COMMAND="$COMMAND --join ha"
COMMAND="$COMMAND --replay"
COMMAND="$COMMAND --event-handler member-join=/serf-handlers/member-join.sh"
COMMAND="$COMMAND --event-handler member-leave,member-failed=/serf-handlers/member-leave.sh"
COMMAND="$COMMAND --tag role=$ROLE"

# ##############################################################################
# SERF END
# ##############################################################################

# Log the command
echo "$COMMAND"

# Execute the command in the background
exec $COMMAND &

# Retrieve the process ID of the command run in background. Doing that, we will
# be able to send the SIGINT signal through the sigterm function we defined
# to replace the SIGTERM.
pid=$!

# Wait forever to simulate a foreground process for S6. This will act as our
# blocking process that S6 is expecting.
wait

Let's take the time to analyze the Serf agent command. We launch the Serf agent with the command:

serf agent

Next, we append to the command the way to join a specific Serf cluster where the address of the cluster is ha. In fact, our ha node will act as a sort of master node but as we are in a decentralized architecture, it can be any of the nodes with a Serf agent.

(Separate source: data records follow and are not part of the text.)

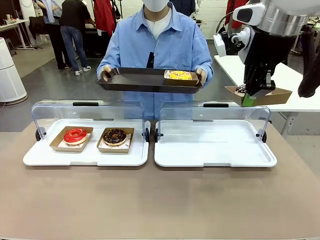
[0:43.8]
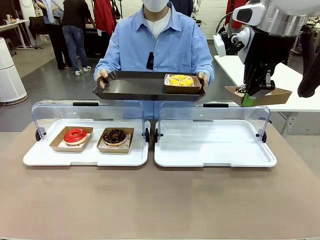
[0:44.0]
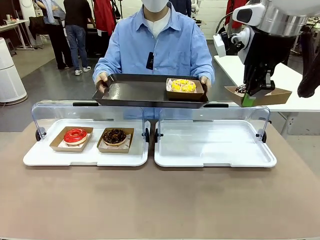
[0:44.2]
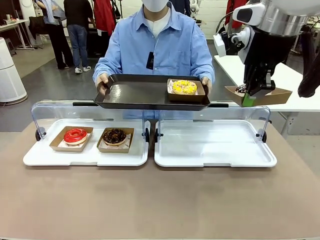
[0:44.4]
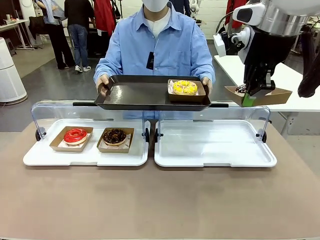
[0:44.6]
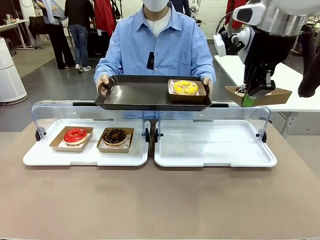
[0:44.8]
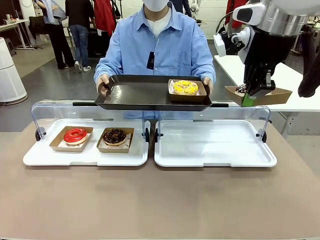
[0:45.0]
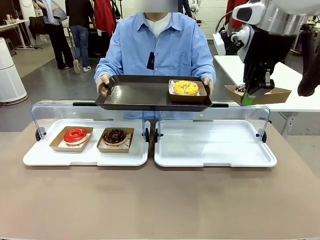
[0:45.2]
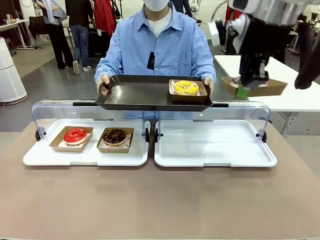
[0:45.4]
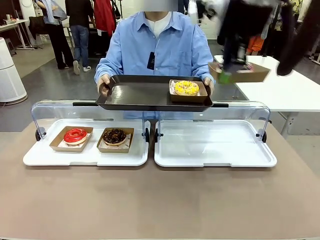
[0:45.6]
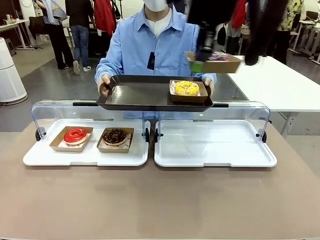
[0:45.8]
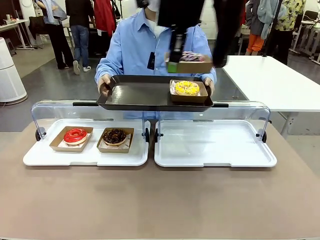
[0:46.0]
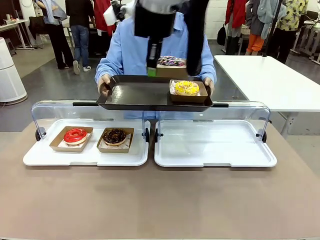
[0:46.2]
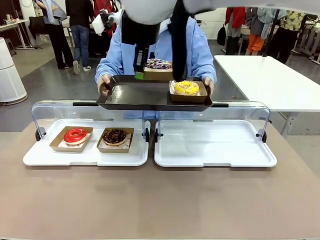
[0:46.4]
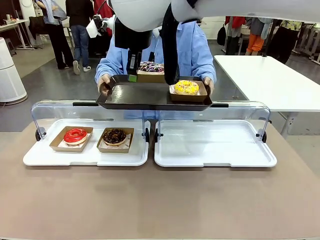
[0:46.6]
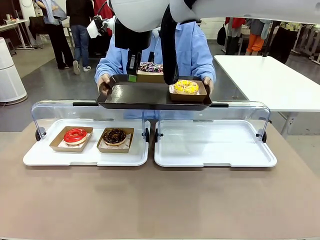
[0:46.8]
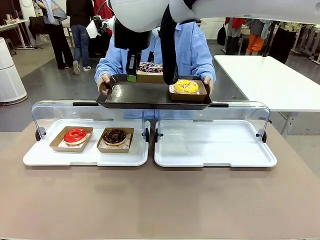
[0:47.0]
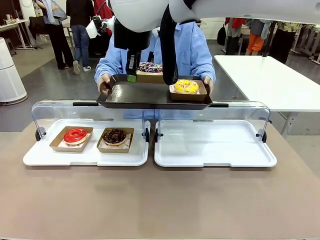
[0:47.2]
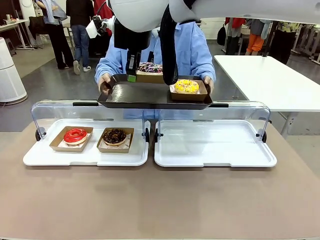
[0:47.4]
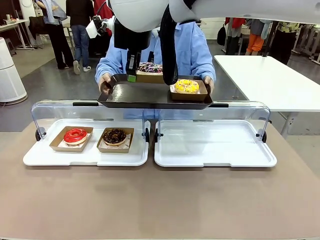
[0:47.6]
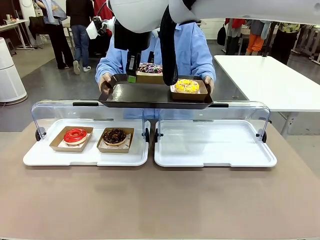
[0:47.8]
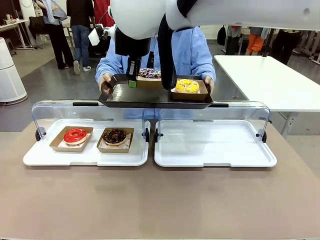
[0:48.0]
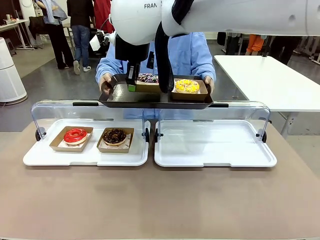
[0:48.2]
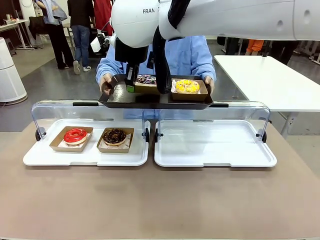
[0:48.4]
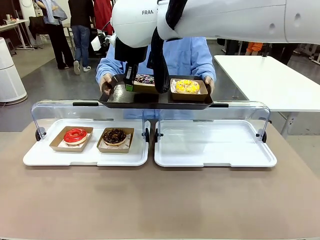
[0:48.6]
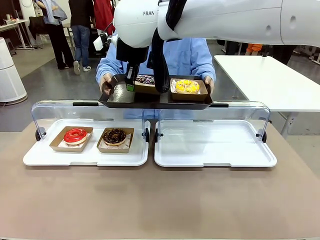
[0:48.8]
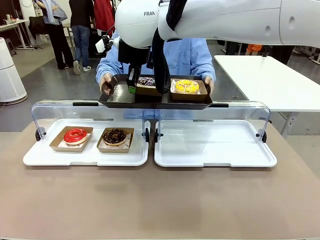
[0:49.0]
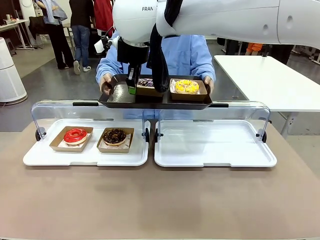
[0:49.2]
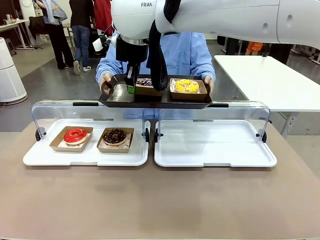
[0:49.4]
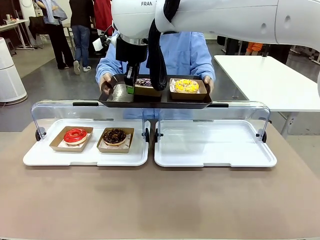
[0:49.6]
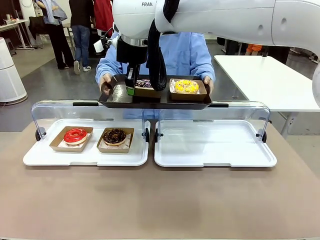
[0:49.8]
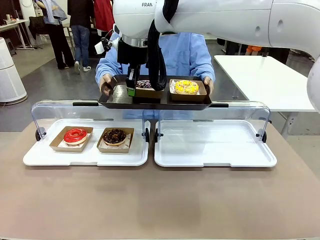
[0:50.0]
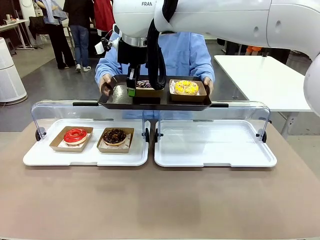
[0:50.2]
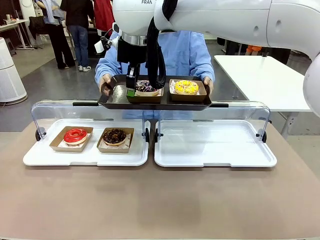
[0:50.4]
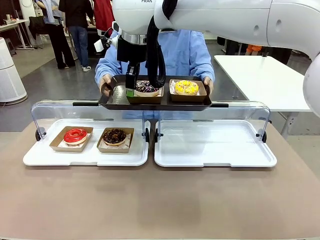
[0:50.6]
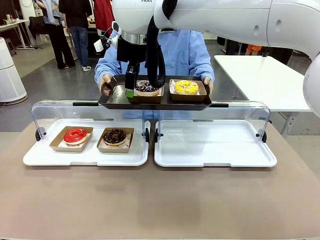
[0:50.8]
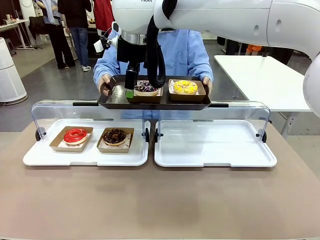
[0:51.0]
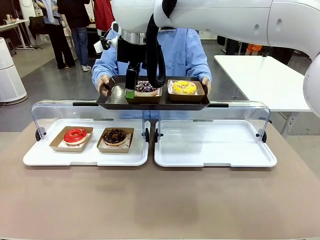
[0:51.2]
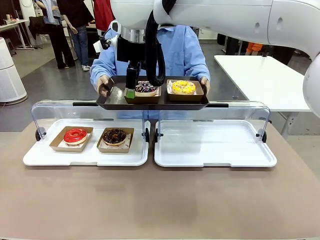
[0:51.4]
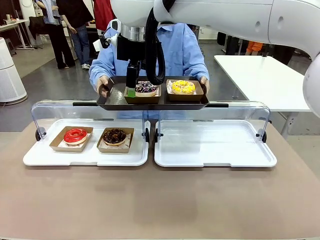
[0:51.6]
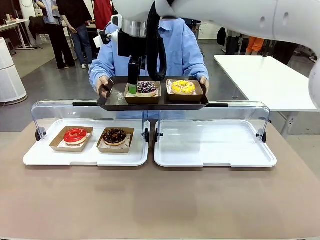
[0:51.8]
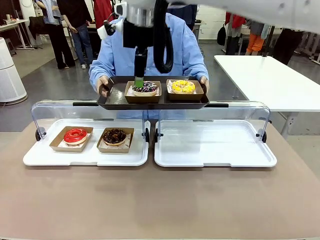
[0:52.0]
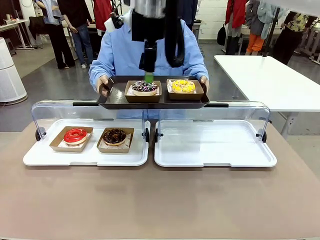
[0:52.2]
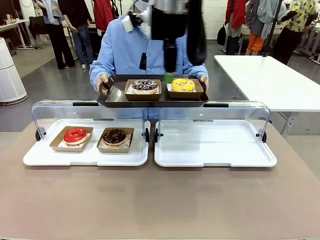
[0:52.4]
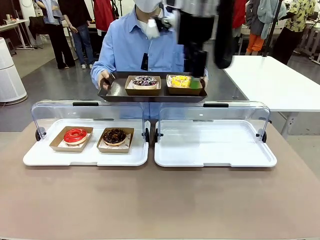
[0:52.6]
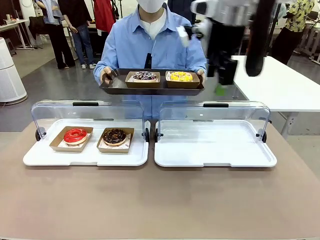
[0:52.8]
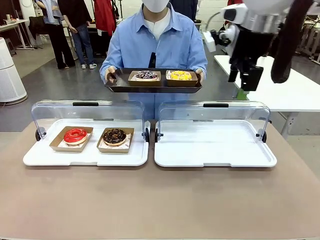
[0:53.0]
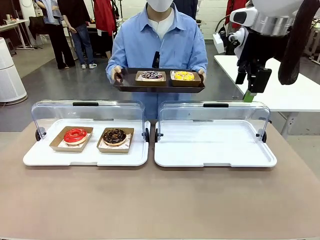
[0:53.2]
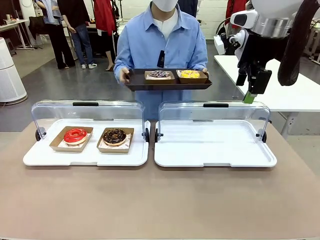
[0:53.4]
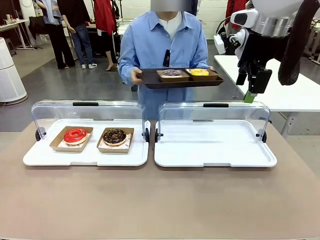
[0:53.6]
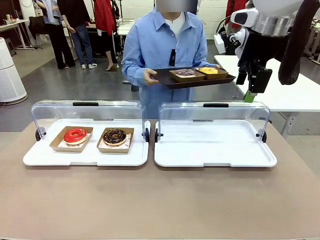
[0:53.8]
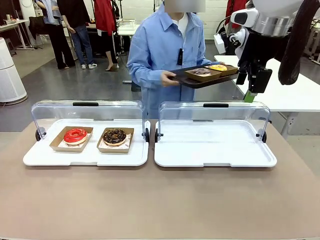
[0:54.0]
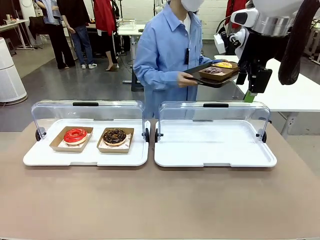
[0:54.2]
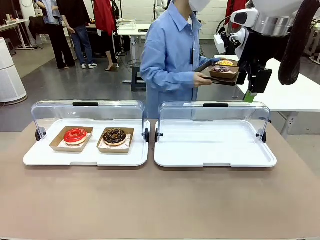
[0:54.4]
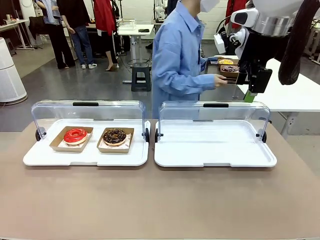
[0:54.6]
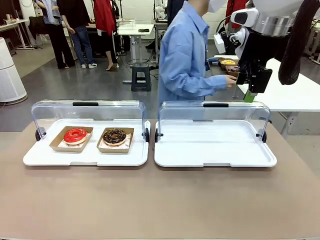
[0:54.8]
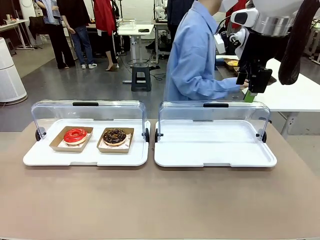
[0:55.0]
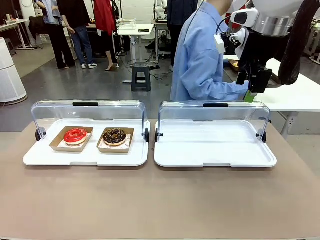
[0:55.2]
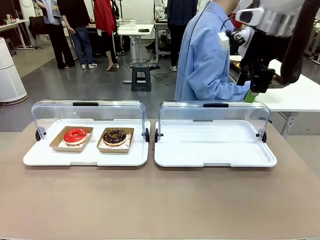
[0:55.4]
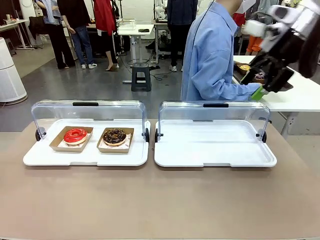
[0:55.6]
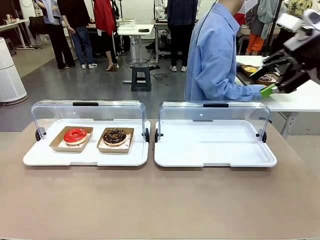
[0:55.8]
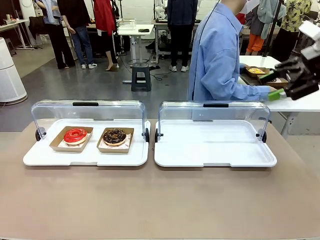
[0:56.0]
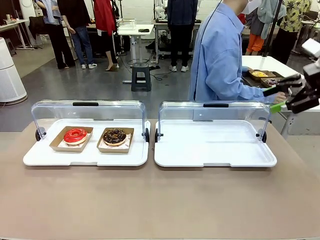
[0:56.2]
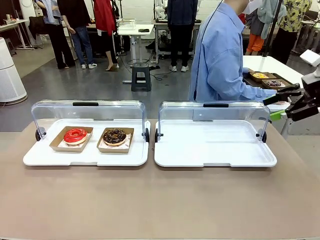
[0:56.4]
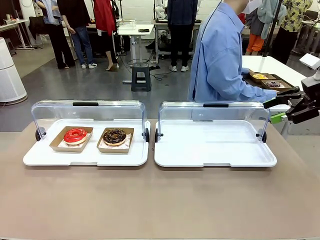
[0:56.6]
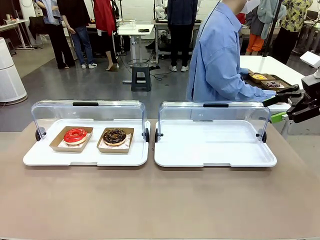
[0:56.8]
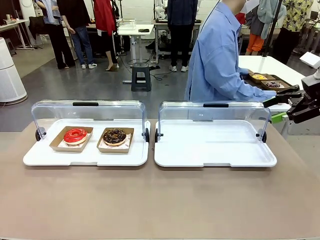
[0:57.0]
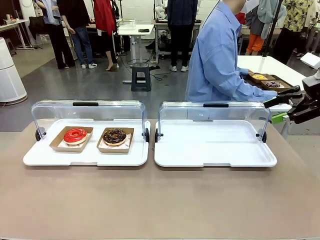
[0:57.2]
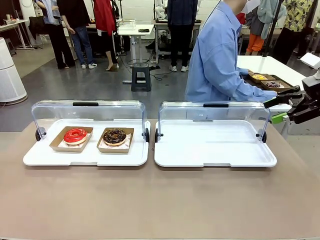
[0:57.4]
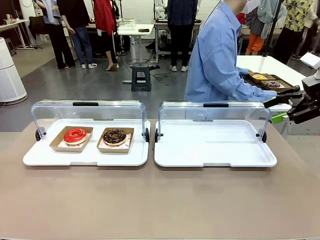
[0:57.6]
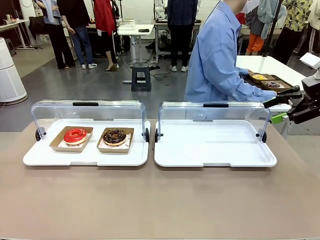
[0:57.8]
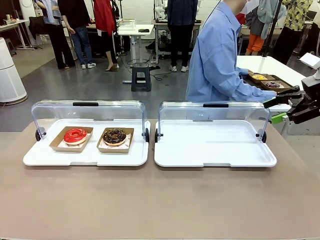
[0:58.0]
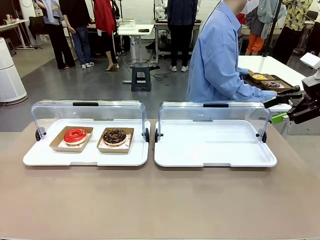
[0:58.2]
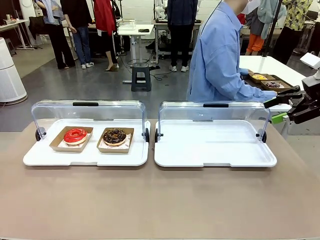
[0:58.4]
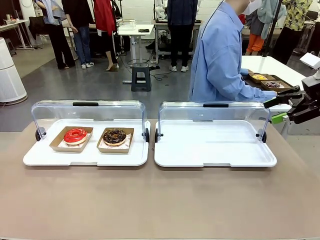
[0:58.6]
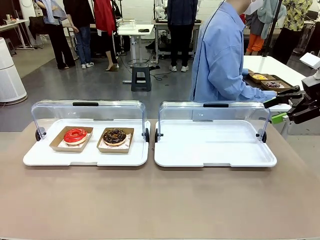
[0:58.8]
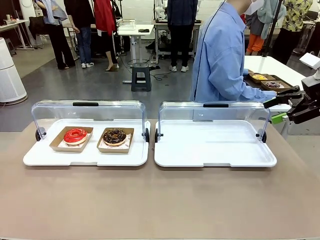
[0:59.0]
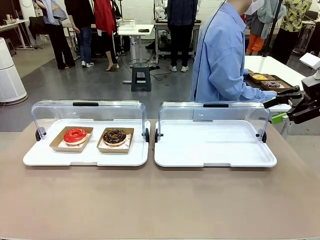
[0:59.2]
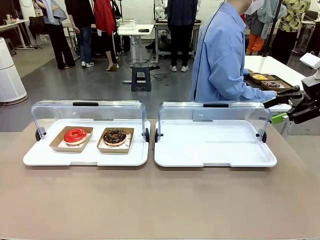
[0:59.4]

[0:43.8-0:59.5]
Task: Provide the desired donut to the person.
Robot: Place the picked Paper togo box onto the Handle tray extended by the person.
Person: Place the tray in the middle of the human table.

For example, if we start ha first, then s2 and finally s1, we can imagine that ha will connect to itself as it is the first one. Then, s2 will reference to ha to be in the same cluster and finally s1 can reference s2. Therefore, s1 will join the same cluster than s2 and ha but through s2.

For simplicity, all our nodes will register to the same cluster trough the ha node.

--join ha

Remarks:

  • Once the cluster is created in Serf agent, the first node which created the Serf cluster can leave the cluster. In fact, leaving the cluster will not stop it as long as the Serf agent is running.

    Anyway, in our current solution, there is kind of misconception around the way we create the Serf cluster. In the deliverables, describe which problem exists with the current solution based on the previous explanations and remarks. Propose a solution to solve the issue.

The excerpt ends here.